Wednesday, April 25, 2018

A Cather Poem Found in a Box of My "Stuff"

Readers, I am purging some boxes of paper at my house, and ran across the "In Memoriam" pamphlet for the former Willa Cather Scholar-Professor at the University of Nebraska, Susan Rosowski, who passed away in 2004. I had only gotten to know her shortly before her death and she was a lovely soul, and I was fortunate to attend her beautiful funeral. This was the poem by Willa Cather that she had printed in her final goodbye to us. I have been a Cather fan and have read most of her books, and biographies. Cather experienced, in an earlier critical time, what I also experienced, that of a strong connection to the Nebraska prairie land soils, and she foresaw human nature conquering that land, with an aesthetic price to pay and with the sacrifice of the beautiful ecologically diverse native prairie grasses themselves, along with their innumerable inhabitants. And on that note, I shall add the byline today to this blog, "Who speaks for the grasses? the native prairies?"--k.m.




Prairie Spring

by Willa Cather

Evening and the flat land,
Rich and sombre and always silent;
The miles of fresh-plowed soil,
Heavy and black, full of strength and harshness;
The growing wheat, the growing weeds,
The toiling horses, the tired men;
The long empty roads,
Sullen fires of sunset, fading,
The eternal, unresponsive sky.
Against all this, Youth,
Flaming like the wild roses,
Singing like the larks over the plowed fields,
Flashing like a star out of the twilight;
Youth with its insupportable sweetness,
Its fierce necessity,
Its sharp desire,
Singing and singing,
Out of the lips of silence,
Out of the earthy dusk.



About the photo: Dry land farm, Phelps County, Nebraska. 1880s.

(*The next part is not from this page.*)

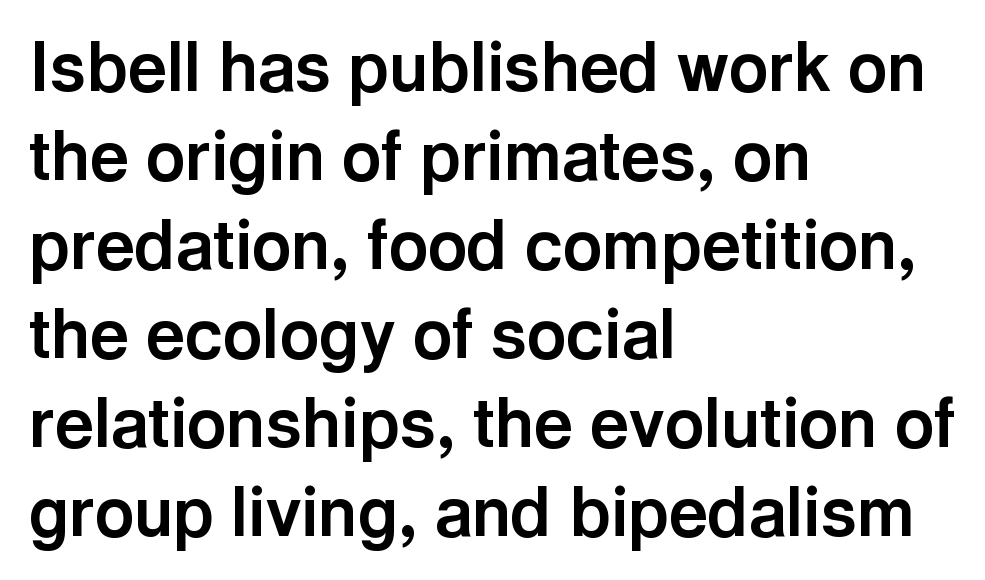
The image shows 68 px bold sans-serif type, upright; set left-aligned, normal line spacing (1.31x), normal letter spacing, not underlined; a medium x-height.

A woman and a girl stand near the doorway of a sod house in this 8.25" x 5.5" sepia-toned photograph. The house is surrounded by grass, and in the front of the photograph is a dirt field with rows of corn. On the left side of the photograph stands a man with two horses hitched to a plow. A windmill is visible behind the house on the right side of the photograph.